## Task goal
Each line from the first entry to the line with "5565c71,175 180,1 289,170", both included, is to be returned unchanged, with any pictures dropped.

━━ Data section

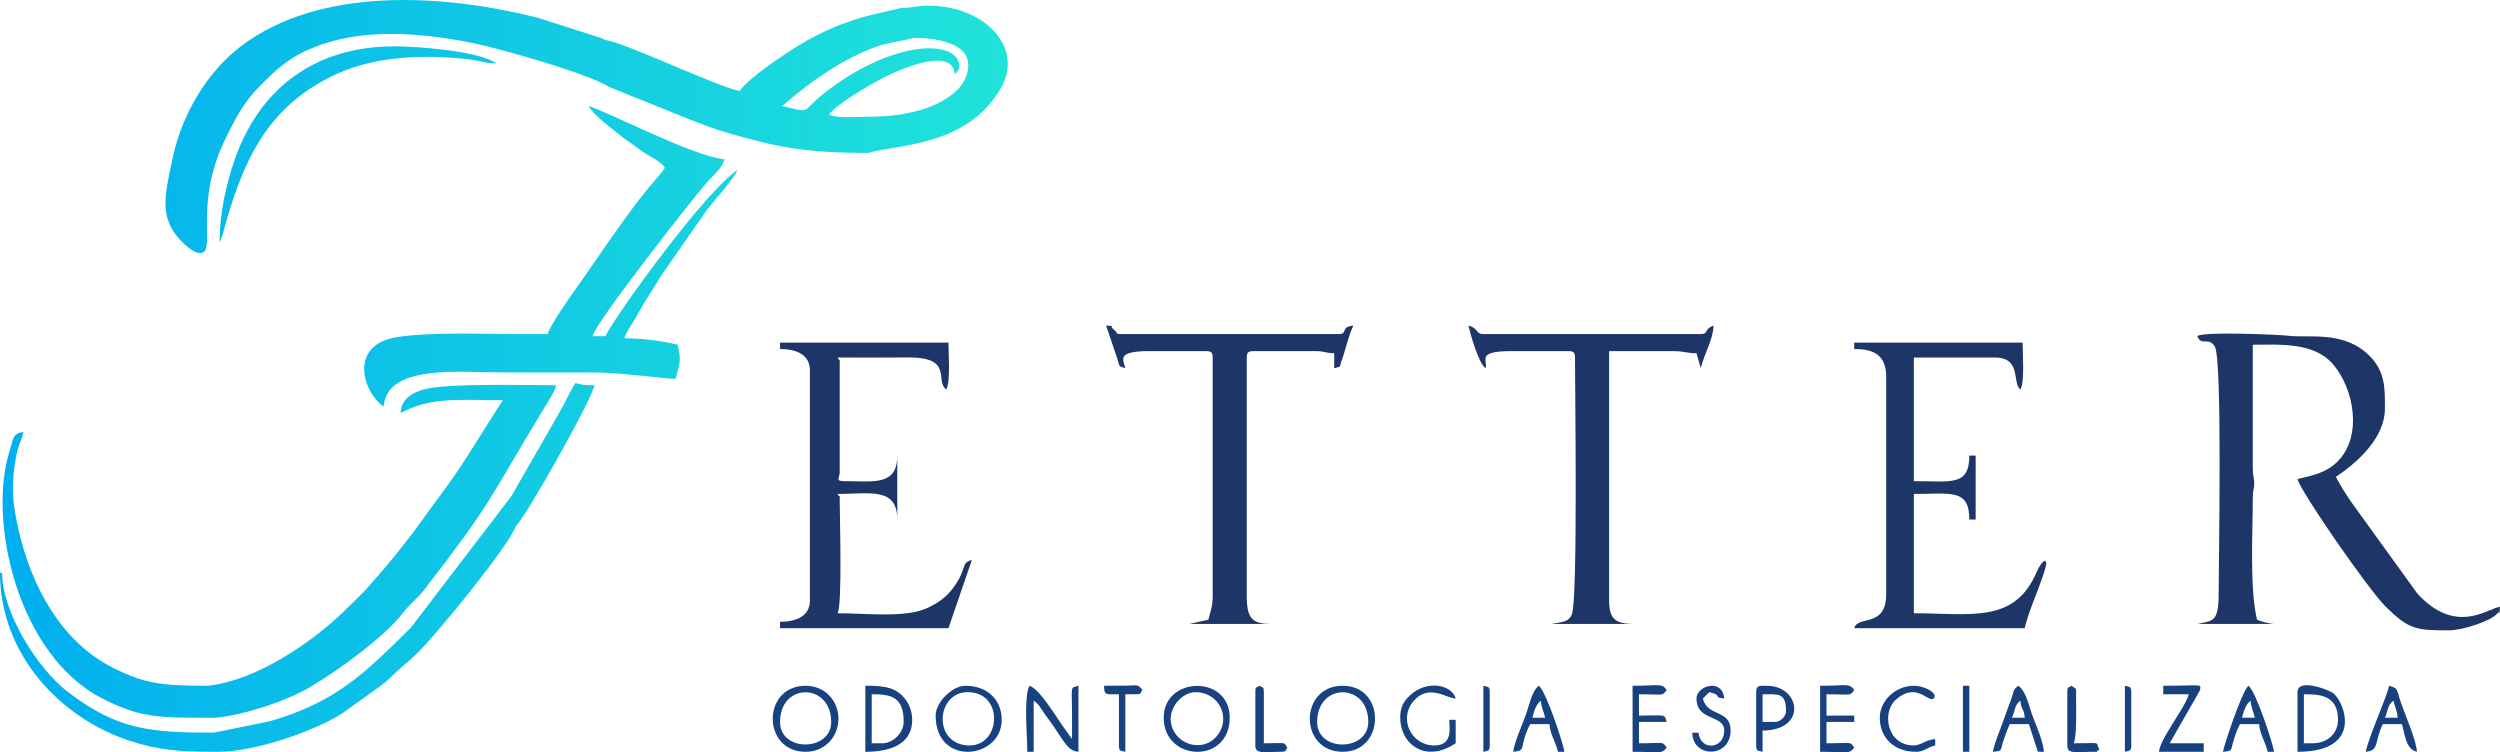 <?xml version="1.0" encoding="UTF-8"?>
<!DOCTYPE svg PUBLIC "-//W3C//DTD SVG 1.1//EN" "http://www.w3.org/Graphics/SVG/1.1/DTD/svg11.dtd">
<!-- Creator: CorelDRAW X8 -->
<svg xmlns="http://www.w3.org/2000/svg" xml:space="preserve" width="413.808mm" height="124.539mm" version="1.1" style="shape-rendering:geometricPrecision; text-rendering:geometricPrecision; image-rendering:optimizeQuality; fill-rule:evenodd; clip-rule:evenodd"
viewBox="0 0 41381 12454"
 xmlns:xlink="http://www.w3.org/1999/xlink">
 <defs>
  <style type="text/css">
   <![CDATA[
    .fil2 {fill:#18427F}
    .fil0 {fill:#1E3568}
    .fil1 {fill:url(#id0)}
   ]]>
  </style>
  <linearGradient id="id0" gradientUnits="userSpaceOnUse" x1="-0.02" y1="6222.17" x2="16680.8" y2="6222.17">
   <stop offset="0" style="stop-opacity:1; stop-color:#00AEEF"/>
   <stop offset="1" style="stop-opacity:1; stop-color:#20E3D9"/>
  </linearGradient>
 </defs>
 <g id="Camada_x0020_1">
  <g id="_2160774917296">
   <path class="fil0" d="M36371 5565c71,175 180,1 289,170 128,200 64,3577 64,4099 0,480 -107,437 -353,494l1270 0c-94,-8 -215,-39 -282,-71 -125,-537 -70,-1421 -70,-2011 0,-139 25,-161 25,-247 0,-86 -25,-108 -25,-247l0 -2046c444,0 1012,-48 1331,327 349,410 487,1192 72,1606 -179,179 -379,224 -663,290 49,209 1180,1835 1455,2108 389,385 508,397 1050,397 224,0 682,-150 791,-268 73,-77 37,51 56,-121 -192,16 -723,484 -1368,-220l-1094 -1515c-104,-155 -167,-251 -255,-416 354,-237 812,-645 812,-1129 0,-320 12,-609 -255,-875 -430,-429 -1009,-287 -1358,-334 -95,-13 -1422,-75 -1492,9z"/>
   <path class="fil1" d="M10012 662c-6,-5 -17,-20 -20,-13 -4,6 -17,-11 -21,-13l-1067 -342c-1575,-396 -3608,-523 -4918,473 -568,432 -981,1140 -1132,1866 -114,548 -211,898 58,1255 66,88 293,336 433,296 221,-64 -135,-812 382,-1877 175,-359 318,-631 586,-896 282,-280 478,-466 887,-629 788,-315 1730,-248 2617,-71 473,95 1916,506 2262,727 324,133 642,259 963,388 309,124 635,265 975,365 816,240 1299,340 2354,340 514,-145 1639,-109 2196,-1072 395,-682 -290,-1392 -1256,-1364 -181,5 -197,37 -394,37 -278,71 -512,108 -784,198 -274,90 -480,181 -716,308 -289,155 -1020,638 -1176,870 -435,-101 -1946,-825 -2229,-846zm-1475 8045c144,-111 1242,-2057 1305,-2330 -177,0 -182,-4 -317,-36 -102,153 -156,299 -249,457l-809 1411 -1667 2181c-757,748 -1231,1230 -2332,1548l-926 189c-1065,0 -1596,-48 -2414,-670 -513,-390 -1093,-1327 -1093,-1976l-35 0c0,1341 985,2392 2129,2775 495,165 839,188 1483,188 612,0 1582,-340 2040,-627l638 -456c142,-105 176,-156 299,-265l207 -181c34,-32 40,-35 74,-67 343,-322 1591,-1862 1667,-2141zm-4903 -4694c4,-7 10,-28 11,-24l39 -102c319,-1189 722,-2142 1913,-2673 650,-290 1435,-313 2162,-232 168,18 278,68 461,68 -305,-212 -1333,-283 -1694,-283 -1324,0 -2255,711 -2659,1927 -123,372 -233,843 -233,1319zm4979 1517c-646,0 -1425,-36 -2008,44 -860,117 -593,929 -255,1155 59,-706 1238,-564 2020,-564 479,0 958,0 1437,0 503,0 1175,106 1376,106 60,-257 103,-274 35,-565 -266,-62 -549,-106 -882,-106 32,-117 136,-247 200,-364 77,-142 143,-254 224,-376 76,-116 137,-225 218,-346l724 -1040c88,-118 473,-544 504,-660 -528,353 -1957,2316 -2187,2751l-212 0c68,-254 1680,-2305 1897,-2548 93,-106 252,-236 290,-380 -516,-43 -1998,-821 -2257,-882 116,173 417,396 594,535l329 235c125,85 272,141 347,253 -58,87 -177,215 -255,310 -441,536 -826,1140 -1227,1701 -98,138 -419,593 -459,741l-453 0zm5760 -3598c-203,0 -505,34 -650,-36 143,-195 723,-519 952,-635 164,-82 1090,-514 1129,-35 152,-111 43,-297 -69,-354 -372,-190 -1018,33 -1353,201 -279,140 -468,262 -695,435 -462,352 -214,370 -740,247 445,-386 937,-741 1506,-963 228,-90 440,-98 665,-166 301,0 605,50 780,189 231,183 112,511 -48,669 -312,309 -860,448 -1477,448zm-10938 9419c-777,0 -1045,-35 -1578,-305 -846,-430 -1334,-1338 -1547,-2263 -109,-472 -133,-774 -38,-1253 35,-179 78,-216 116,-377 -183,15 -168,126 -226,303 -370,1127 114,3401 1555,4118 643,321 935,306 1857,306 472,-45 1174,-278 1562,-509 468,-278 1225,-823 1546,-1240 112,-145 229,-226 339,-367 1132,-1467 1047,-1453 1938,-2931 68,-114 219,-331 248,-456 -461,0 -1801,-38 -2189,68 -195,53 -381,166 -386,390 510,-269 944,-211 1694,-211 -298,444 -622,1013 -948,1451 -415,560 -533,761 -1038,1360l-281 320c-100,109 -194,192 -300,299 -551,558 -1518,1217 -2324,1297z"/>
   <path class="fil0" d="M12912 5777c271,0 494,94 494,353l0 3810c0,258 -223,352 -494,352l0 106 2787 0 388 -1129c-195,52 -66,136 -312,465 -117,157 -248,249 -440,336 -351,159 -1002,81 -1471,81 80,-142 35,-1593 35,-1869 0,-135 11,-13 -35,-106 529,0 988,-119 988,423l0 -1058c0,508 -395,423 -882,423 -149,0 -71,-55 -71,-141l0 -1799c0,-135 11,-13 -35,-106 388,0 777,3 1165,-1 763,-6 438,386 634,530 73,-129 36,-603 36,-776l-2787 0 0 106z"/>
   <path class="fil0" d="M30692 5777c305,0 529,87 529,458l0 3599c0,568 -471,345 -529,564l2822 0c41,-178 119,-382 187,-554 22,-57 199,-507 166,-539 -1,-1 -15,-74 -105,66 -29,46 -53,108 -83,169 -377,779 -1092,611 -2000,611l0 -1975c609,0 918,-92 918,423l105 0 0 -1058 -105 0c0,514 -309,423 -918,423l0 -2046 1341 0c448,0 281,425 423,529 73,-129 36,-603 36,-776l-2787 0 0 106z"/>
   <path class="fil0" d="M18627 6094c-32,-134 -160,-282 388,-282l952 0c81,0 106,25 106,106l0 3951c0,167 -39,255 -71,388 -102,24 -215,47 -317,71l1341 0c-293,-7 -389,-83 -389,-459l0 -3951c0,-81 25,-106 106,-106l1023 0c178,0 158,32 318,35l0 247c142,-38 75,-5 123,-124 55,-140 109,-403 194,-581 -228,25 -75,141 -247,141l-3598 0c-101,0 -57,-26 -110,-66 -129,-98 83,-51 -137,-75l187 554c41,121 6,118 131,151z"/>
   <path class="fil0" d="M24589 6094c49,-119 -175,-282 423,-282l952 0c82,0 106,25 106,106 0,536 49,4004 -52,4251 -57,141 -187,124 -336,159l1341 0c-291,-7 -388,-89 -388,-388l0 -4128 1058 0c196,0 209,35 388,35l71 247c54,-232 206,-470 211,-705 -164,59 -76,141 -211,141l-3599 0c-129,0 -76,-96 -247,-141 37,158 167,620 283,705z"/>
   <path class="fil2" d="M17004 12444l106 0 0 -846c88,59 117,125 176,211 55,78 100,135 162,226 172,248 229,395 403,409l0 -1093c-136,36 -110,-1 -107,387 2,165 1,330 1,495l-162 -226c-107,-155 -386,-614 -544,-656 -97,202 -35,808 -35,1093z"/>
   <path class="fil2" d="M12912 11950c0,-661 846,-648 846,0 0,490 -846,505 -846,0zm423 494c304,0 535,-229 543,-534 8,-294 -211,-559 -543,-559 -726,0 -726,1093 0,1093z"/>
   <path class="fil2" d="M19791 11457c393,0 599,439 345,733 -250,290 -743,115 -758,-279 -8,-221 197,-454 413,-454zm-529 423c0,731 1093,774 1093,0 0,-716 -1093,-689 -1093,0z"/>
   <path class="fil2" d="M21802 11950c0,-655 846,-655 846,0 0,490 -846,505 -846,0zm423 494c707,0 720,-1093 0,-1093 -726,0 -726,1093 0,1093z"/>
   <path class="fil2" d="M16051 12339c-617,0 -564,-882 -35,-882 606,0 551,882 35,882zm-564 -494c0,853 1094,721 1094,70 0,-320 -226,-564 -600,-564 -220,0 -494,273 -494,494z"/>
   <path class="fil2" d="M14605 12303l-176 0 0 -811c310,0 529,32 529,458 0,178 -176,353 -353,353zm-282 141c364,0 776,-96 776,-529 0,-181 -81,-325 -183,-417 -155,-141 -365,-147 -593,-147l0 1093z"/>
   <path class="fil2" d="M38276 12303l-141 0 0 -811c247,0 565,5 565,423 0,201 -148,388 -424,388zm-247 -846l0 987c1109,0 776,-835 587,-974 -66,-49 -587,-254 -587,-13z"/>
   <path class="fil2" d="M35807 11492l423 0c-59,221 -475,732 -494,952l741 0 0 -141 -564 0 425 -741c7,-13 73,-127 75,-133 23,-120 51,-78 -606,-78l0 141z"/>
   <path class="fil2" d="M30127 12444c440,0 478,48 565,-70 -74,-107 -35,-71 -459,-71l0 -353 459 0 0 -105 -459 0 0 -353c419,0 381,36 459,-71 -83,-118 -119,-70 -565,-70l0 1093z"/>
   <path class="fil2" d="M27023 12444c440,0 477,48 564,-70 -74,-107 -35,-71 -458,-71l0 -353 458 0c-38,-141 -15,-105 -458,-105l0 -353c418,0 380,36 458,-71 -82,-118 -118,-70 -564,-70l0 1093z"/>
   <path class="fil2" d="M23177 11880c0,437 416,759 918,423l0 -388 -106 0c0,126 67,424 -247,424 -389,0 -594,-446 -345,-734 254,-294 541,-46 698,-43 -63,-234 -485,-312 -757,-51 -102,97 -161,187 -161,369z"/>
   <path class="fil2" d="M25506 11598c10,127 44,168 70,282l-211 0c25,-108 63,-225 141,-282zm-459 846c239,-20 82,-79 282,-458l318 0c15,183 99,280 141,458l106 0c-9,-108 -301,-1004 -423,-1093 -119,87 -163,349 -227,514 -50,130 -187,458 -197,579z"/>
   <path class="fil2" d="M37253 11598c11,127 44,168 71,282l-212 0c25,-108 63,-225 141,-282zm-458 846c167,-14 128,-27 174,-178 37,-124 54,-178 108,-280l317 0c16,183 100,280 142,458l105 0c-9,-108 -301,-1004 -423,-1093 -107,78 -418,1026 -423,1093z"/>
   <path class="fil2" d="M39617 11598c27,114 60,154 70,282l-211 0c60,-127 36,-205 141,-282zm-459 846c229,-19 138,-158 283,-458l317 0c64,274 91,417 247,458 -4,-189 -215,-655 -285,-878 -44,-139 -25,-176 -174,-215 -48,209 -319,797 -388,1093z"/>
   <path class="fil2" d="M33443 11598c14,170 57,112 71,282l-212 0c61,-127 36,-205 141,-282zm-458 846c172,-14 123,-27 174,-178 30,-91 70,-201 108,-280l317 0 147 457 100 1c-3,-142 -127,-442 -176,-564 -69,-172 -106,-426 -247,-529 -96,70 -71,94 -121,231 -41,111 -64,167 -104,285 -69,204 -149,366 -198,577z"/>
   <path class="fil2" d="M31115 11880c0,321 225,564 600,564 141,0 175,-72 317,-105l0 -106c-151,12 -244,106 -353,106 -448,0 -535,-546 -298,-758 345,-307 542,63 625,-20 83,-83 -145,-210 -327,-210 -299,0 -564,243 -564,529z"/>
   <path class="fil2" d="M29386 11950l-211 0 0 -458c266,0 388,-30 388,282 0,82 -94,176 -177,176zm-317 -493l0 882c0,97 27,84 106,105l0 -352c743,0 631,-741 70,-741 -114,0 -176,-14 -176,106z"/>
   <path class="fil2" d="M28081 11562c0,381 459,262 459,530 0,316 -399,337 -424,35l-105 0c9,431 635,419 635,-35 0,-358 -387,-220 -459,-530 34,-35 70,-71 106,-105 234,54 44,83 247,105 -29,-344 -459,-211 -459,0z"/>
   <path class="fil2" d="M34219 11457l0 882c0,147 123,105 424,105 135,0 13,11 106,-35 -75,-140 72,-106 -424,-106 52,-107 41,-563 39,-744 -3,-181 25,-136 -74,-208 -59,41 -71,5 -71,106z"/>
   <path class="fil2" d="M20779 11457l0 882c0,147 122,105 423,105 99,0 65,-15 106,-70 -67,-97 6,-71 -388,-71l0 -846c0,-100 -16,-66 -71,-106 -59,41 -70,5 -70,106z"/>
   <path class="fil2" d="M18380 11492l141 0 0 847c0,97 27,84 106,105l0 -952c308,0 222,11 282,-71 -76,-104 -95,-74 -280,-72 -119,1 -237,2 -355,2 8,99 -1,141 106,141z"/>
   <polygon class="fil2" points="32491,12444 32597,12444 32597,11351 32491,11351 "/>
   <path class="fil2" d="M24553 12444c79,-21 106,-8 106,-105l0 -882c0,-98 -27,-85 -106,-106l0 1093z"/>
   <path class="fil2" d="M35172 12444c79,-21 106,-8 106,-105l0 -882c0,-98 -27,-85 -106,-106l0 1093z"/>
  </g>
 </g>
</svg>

━━━━

## Solution
 <?xml version="1.0" encoding="UTF-8"?>
<!DOCTYPE svg PUBLIC "-//W3C//DTD SVG 1.1//EN" "http://www.w3.org/Graphics/SVG/1.1/DTD/svg11.dtd">
<!-- Creator: CorelDRAW X8 -->
<svg xmlns="http://www.w3.org/2000/svg" xml:space="preserve" width="413.808mm" height="124.539mm" version="1.1" style="shape-rendering:geometricPrecision; text-rendering:geometricPrecision; image-rendering:optimizeQuality; fill-rule:evenodd; clip-rule:evenodd"
viewBox="0 0 41381 12454"
 xmlns:xlink="http://www.w3.org/1999/xlink">
 <defs>
  <style type="text/css">
   <![CDATA[
    .fil2 {fill:#18427F}
    .fil0 {fill:#1E3568}
    .fil1 {fill:url(#id0)}
   ]]>
  </style>
  <linearGradient id="id0" gradientUnits="userSpaceOnUse" x1="-0.02" y1="6222.17" x2="16680.8" y2="6222.17">
   <stop offset="0" style="stop-opacity:1; stop-color:#00AEEF"/>
   <stop offset="1" style="stop-opacity:1; stop-color:#20E3D9"/>
  </linearGradient>
 </defs>
 <g id="Camada_x0020_1">
  <g id="_2160774917296">
   <path class="fil0" d="M36371 5565c71,175 180,1 289,170 128,200 64,3577 64,4099 0,480 -107,437 -353,494l1270 0c-94,-8 -215,-39 -282,-71 -125,-537 -70,-1421 -70,-2011 0,-139 25,-161 25,-247 0,-86 -25,-108 -25,-247l0 -2046c444,0 1012,-48 1331,327 349,410 487,1192 72,1606 -179,179 -379,224 -663,290 49,209 1180,1835 1455,2108 389,385 508,397 1050,397 224,0 682,-150 791,-268 73,-77 37,51 56,-121 -192,16 -723,484 -1368,-220l-1094 -1515c-104,-155 -167,-251 -255,-416 354,-237 812,-645 812,-1129 0,-320 12,-609 -255,-875 -430,-429 -1009,-287 -1358,-334 -95,-13 -1422,-75 -1492,9z"/>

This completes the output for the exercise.